Изменить размер шрифта - +
Ветер колотился о расхлябанные ставни, петли которых не то что скрипели – стонали. В небольшой комнате висели полки, перегруженные книгами и папками. На стене висел мой портрет, переснятый с маленькой фотографии.

В Печоре меня ожидал ещё один горький «сюрприз». За ужином Симон начал:

– Вы ведь знаете, как мы всегда с Ильёй… ну, мягко говоря, схватывались. А сейчас ему худо. Потому прошу вас, будьте с ним помягче.

– Разве он здесь? Тоже арест и ссылка? – поразилась я.

– Именно!

Илья Евсеевич уже стучал в дверь и выговаривал Симону:

– Сидите вдвоём? Чаи распиваете? А я? А меня? Почему не сообщили, каким поездом она приезжает? Симон, я вам больше не верю!

После освобождения, отдав свои пять вольных отпусков второму институту, который он решил закончить, Илья только успел получить диплом, как тут же был вторично арестован и выслан в Печору. Интеллигентность надо было истребить как несъедобную для общества материю. В печорской встрече втроём наличествовал и неутихающий словесный бунт против насилия, и душевное тепло, к которому мы все так одинаково стремились. Илья целыми абзацами цитировал Библию. Набрасывали контуры предполагаемого будущего, которого быть не могло… но всё же… Предоставив в моё распоряжение комнату Симона, мужчины ушли к Илье. Ветер и стонущие ставни не давали уснуть.

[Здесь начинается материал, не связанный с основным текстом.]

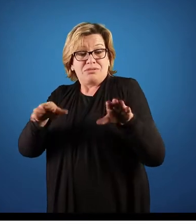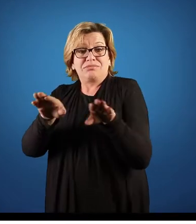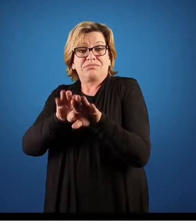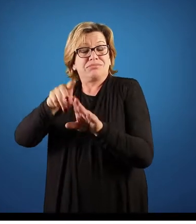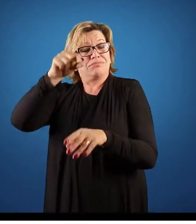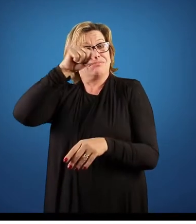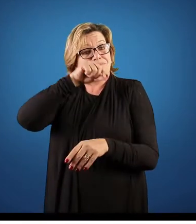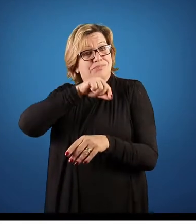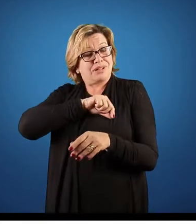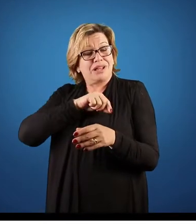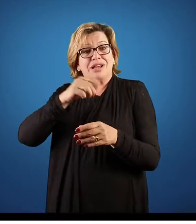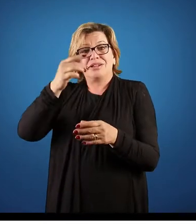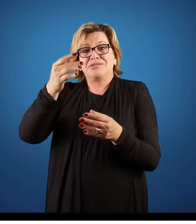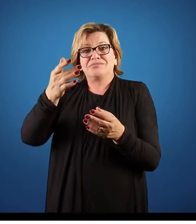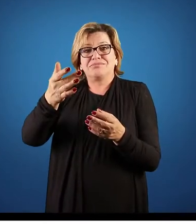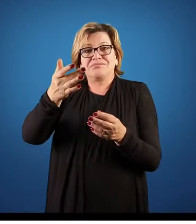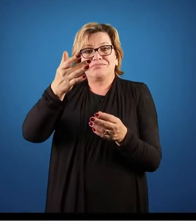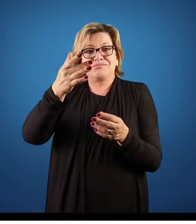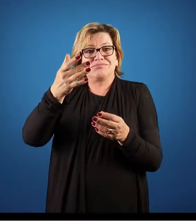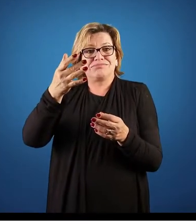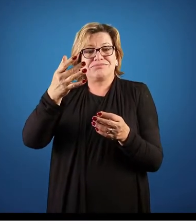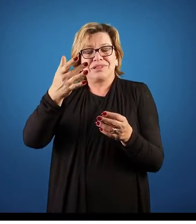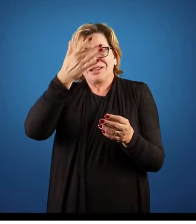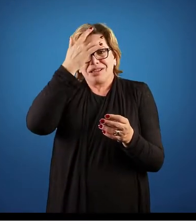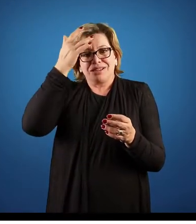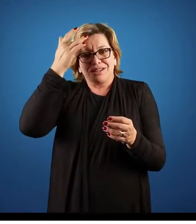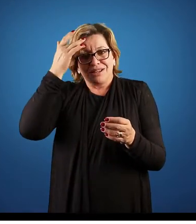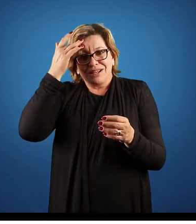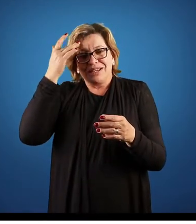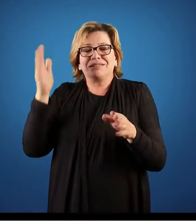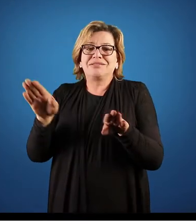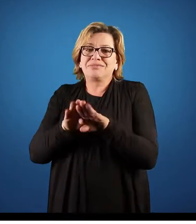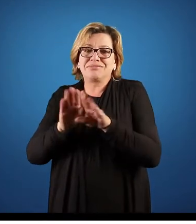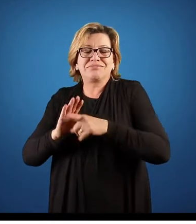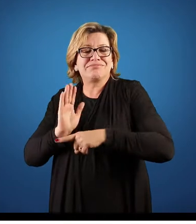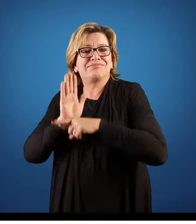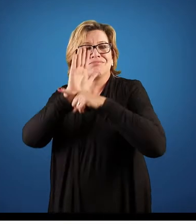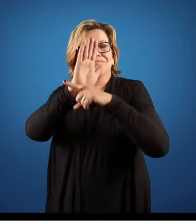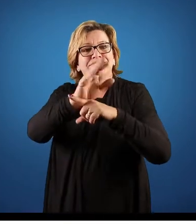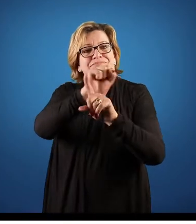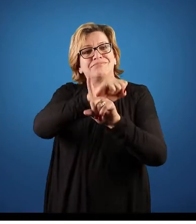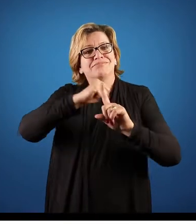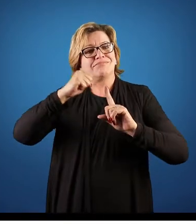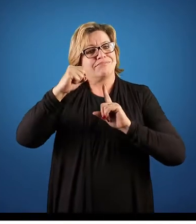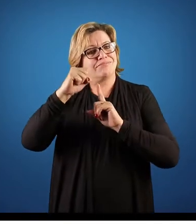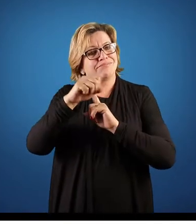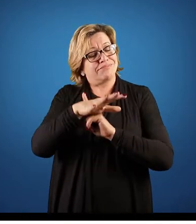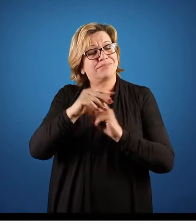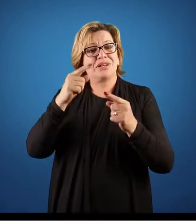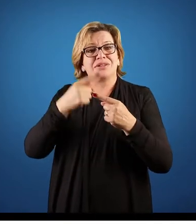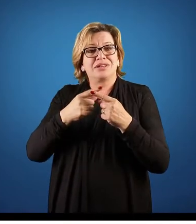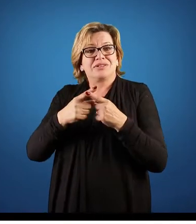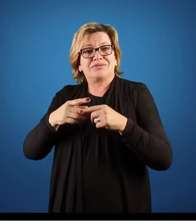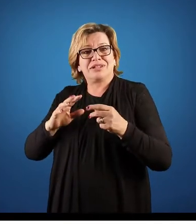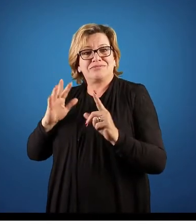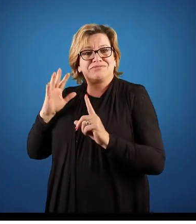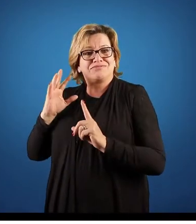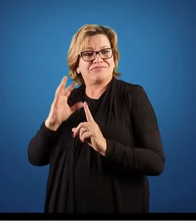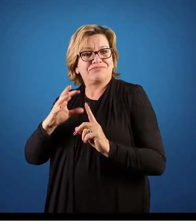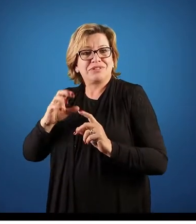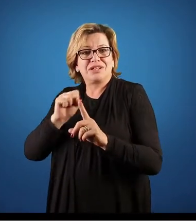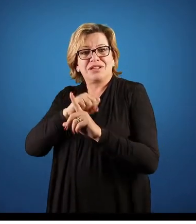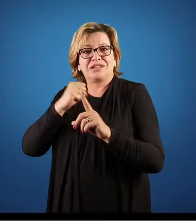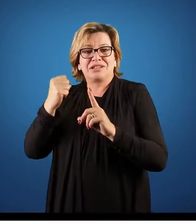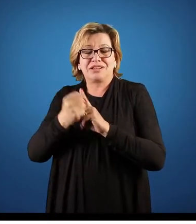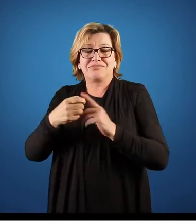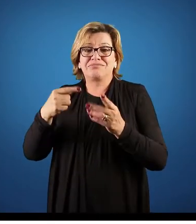dos seus acionistas e também o crescimento da sociedade, porque ela vai estar interferindo na sociedade, recolhendo impostos, fazendo

В Микунь меня провожали оба. Одаривали словами, придуманными в ссылочном одиночестве. На вокзале рыскали оперативники. Кто-то откуда-то опять бежал. Искали. Протыкали щупами наваленный в хопперы антрацит. Возвратившись в Микунь, я тут же получила телеграмму: «Не огорчайтесь родная тепла безмолвного оставили больше чем везли молвного остальное что женщина решает сердцем всегда верно обнимаю чудесного моего друга Симон».

В том, как по-язычески мы цепляли тогда боль одного к несчастью другого, был тайный умысел: общей массой противостоять Злу, сбивающему нас с условных и приблизительных точек опоры. Мы в письмах возвеличивали друг друга и вырастали при этом сами. Становились друг для друга сёстрами, братьями, любимыми, священниками и судьями. Пиететное отношение к страданиям каждого из друзей строило тот особый лад отношений, в котором не было места обману. Такой мы, оттёртые от общества особи, отыскали для себя способ жизнеустойчивости. Ухватившись за небо, как-то ходили по земле. Одни – для кое-какой ещё жизни, другие – уже в предсмертье.

С крайнего озера, из «Золотой тайги» писал человек, действительно пронёсший любовь ко мне через многие годы, – Платон Романович Зубрицкий. Тот самый, из прежней ленинградской жизни, с которым мы позже встретились в лагере. Вся его вина – плен. Статья – «измена Родине». После повторного ареста он очутился в особо жестокой ссылке.

«Ну, представь себе: в доме нас живёт 9 работяг и одна уборщица. Пока ты в помещении, ещё ничего, но как только вышел на двор… Дом наш один. Кругом сопки и тайга. Сам прииск – скопище двадцати-тридцати бараков в трёх километрах от нас. Там магазин, школа, почта, приисковые мастерские. Есть река, сейчас занесённая снегом, покрытая льдом. Название очень странное – Юнашино. Раз в месяц привозят кино. Но после рабочего дня и пройденных туда, в тайгу, восьми километров отмеривать ещё шесть не всегда хочется. Вот жизнь, в которую меня погрузили».

Платон Романович спрашивал в письмах: «Кто тебе пилит дрова? Кто растапливает печь? Кто носит воду?» Занося над очередным поленом топор, я колола дрова веселее, потому что заботливые слова вырывались из сердца любящего человека. Посланные в жизнь свыше влюблённость и любовь друзей держали, как ничто другое.

«Милый, незабываемый друг! Трудно писать, откровенно скажу – плачу. Плачу от той бесконечной радости, которую ты доставляешь своими письмами.